When my family was in Germany in 1990, our friends pulled up to a stop light and obeyed a traffic signal that instructed them to turn off the engine to save fuel and spare the air. Brazil and Denmark have already attained energy independence from Middle East oil. Japan and Europe have fuel economy standards of 35 miles per gallon; the United States won't match that until 2020. In 2004, demand for scrap metal in China was so strong that manhole covers started disappearing from around the world; thieves stole them, chopped them up, and sold them to China. 150 covers went missing in Chicago. Every mile you drive your car you emit a pound of CO2 into the air (and China is adding 14,000 cars every day to its roads). Welcome to what Thomas Friedman calls Code Green.

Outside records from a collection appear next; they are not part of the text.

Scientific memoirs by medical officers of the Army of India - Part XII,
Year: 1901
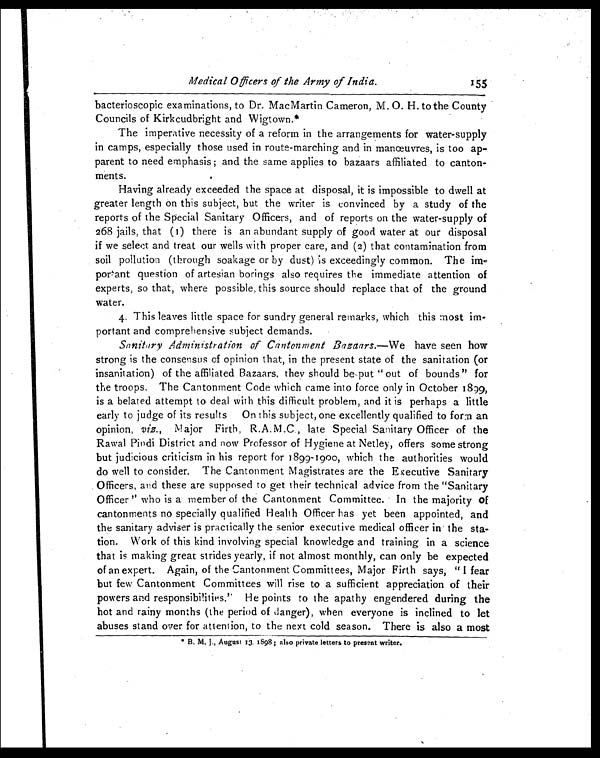
Medical Officers of the Army of India.
155
bacterioscopic examinations, to Dr. MacMartin Cameron, M. O. H. to the County
Councils of Kirkcudbright and Wigtown.*
The imperative necessity of a reform in the arrangements for water-supply
in camps, especially those used in route-marching and in manœuvres, is too ap
-parent to need emphasis; and the same applies to bazaars affiliated to canton
-ments.
Having already exceeded the space at disposal, it is impossible to dwell at
greater length on this subject, but the writer is convinced by a study of the
reports of the Special Sanitary Officers, and of reports on the water-supply of
268 jails, that (1) there is an abundant supply of good water at our disposal
if we select and treat our wells with proper care, and (2) that contamination from
soil pollution (through soakage or by dust) is exceedingly common. The im
-portant question of artesian borings also requires the immediate attention of
experts, so that, where possible, this source should replace that of the ground
water.
4. This leaves little space for sundry general remarks, which this most im
-portant and comprehensive subject demands.
Sanitary Administration of Cantonment Bazaars .—We have seen how
strong is the consensus of opinion that, in the present state of the sanitation (or
insanitation) of the affiliated Bazaars, they should be put out of bounds" for
the troops. The Cantonment Code which came into force only in October 1899,
is a belated attempt to deal with this difficult problem, and it is perhaps a little
early to judge of its results On this subject, one excellently qualified to form an
opinion, viz., Major Firth, R.A.M.C, late Special Sanitary Officer of the
Rawal Pindi District and now Professor of Hygiene at Netley, offers some strong
but judicious criticism in his report for 1899-1900, which the authorities would
do well to consider. The Cantonment Magistrates are the Executive Sanitary
Officers, and these are supposed to get their technical advice from the "Sanitary
Officer" who is a member of the Cantonment Committee. In the majority of
cantonments no specially qualified Health Officer has yet been appointed, and
the sanitary adviser is practically the senior executive medical officer in the sta
- t i o n . W o r k o f t h i s k i n d i n v o l v i n g s p e c i a l k n o w l e d g e a n d t r a i n i n g i n a s c i e n c e
that is making great strides yearly, if not almost monthly, can only be expected
of an expert. Again, of the Cantonment Committees, Major Firth says, "I fear
but few Cantonment Committees will rise to a sufficient appreciation of their
powers and responsibilities." He points to the apathy engendered during the
hot and rainy months (the period of danger), when everyone is inclined to let
abuses stand over for attention, to the next cold season. There is also a most
* B. M. J., August 13. 1898; also private letters to present writer.

Friedman has his critics. His breezy style, jingoistic cheerleading, and free market optimism about profit-motives can be irritating. Others haven't forgiven him for supporting the Iraq war or for his rosy prognosis about globalization. He has a whole chapter in his newest book about why going green will never be easy, but he specifically denies that Americans need to cut their consumption habits because he believes that capitalism can grow a bigger and cleaner pie for all. Everyone knows that America is by far the biggest eco-laggard, but he insists that we can be the world's leader. In a critical review in The New York Review of Books (November 6, 2008), Bill McKibben describes Friedman's vision as a "green fantasia." In the New Yorker (November 10, 2008), Ian Parker contrasts Friedman's carefully crafted persona as your Average Neighbor with his own eco-footprint, namely, the 11,400 square foot mansion he and his wife built a few years ago.

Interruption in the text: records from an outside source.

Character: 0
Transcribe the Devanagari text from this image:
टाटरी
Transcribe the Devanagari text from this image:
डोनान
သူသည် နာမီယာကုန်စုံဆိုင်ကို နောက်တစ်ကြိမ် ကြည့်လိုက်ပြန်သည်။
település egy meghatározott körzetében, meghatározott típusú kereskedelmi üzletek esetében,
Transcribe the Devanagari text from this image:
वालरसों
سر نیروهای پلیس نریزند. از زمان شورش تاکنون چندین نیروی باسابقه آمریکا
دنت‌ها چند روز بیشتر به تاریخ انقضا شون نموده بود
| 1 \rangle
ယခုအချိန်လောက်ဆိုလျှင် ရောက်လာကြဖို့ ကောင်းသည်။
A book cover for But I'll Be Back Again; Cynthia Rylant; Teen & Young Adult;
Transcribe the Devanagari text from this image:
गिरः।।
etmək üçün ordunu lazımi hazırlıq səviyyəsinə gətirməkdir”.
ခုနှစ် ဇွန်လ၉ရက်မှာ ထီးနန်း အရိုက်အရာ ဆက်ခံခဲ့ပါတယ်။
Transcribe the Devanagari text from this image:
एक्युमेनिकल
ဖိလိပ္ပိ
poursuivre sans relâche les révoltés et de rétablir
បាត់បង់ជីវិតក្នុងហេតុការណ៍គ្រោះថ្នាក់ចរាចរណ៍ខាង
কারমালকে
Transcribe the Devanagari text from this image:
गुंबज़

Still, if our country has any hope for mobilizing the general public in an environmental movement that would match the urgency of the civil rights movement, Thomas Friedman is probably as good as it gets. He's won three Pulitzer Prizes, and his books have been translated into thirty-four languages. He's done his homework and traversed the globe. For many readers, whatever Friedman writes deserves careful attention, and with the current crisis that's a good thing.
The "flattening" of the world that he described in The World is Flat (which has sold four million copies), global warming, and the population explosion all converge, says Friedman, to create five key problems — energy and natural resource supply and demand, petrodictatorships, climate change, energy poverty, and biodiversity loss. His book describes these problems with a blizzard of anecdotes, facts and figures, and then proposes how we can address them. Friedman sees both a global obligation but also a national opportunity for America to renew itself. There are many moving parts that must act in concert toward the same goal — governments, international treaties, free market and profit-motivated innovators, laws and legislators on the international, national and local levels, industry regulators, NGOs, personal virtue, civic activism, and bold leadership. Friedman describes himself as a "sober optimist," but he admits that there's a very thin line between dire pessimism that we've reached an irreversible tipping point due to apathy and inaction, and optimism that human ingenuity can rise to the occasion.